While none of that knowledge has changed, it has for sure been tested. This doesn’t feel good. This feels like God has let us down. This feels like torture. However, because I have seen His goodness, I won’t let go. Well, honestly, it’s probably more fair to say I don’t think He will let go of me. I think I know deep in my being that He is holding us through all of this. I know He isn’t afraid of my anger or my questions. Maybe someday he will be my strength, my hope, my confidence, and my He will be my joy… even in the midst of all of this confusion and pain.

Grief and I know each other. We have walked together through loss before. However, the death of this dream is so much different than anything I have walked through before. It colors everything so much differently than before. In the past, grieving has felt like a worthwhile process because there was hope on the other end. When family or friends passed away we said “This hurts, but we will see them again.” When our babies passed away we not only said that, but we also said “We can try again.” Right now, there is no end to this grief.

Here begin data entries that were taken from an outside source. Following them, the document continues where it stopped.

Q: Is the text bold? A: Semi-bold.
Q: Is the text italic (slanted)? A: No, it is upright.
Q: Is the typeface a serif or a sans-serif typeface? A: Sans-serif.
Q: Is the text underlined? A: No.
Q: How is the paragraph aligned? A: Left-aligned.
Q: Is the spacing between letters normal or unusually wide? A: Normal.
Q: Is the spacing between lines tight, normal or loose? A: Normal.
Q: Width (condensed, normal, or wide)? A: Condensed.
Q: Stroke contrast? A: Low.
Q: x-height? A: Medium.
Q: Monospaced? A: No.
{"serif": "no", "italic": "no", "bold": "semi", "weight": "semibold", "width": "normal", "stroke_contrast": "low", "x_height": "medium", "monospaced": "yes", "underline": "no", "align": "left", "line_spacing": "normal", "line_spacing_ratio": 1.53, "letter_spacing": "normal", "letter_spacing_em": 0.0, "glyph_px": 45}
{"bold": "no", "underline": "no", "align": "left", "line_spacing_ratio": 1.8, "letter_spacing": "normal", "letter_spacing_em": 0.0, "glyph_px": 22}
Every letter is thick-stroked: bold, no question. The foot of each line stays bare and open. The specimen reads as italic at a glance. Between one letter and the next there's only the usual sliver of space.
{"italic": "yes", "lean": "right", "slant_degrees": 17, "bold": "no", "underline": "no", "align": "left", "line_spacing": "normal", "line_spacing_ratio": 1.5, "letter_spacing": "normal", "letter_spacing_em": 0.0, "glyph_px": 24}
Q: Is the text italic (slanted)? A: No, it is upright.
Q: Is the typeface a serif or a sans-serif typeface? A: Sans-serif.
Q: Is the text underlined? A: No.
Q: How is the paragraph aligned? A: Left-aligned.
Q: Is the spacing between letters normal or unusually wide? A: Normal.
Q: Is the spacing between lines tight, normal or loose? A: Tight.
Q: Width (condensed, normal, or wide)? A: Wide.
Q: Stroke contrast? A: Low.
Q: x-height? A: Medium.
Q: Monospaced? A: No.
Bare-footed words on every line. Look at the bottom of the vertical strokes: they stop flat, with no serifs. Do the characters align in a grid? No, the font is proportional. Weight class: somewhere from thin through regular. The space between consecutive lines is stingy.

There isn’t something that makes this grief better.

Please know, I am not trying to make it sound like the death of a dream is any worse than the deaths we have previously walked through, but what I am saying is that it’s very different. That difference has made me feel out of sorts. I don’t have an “outline” for what this kind of grief looks like or how it is “supposed” to turn out. There aren’t any classes about what to do when you feel like God let you down, didn’t hear your prayers, or didn’t come through. If you know me at all, you know that not having an outline or steps to follow makes this even more miserable.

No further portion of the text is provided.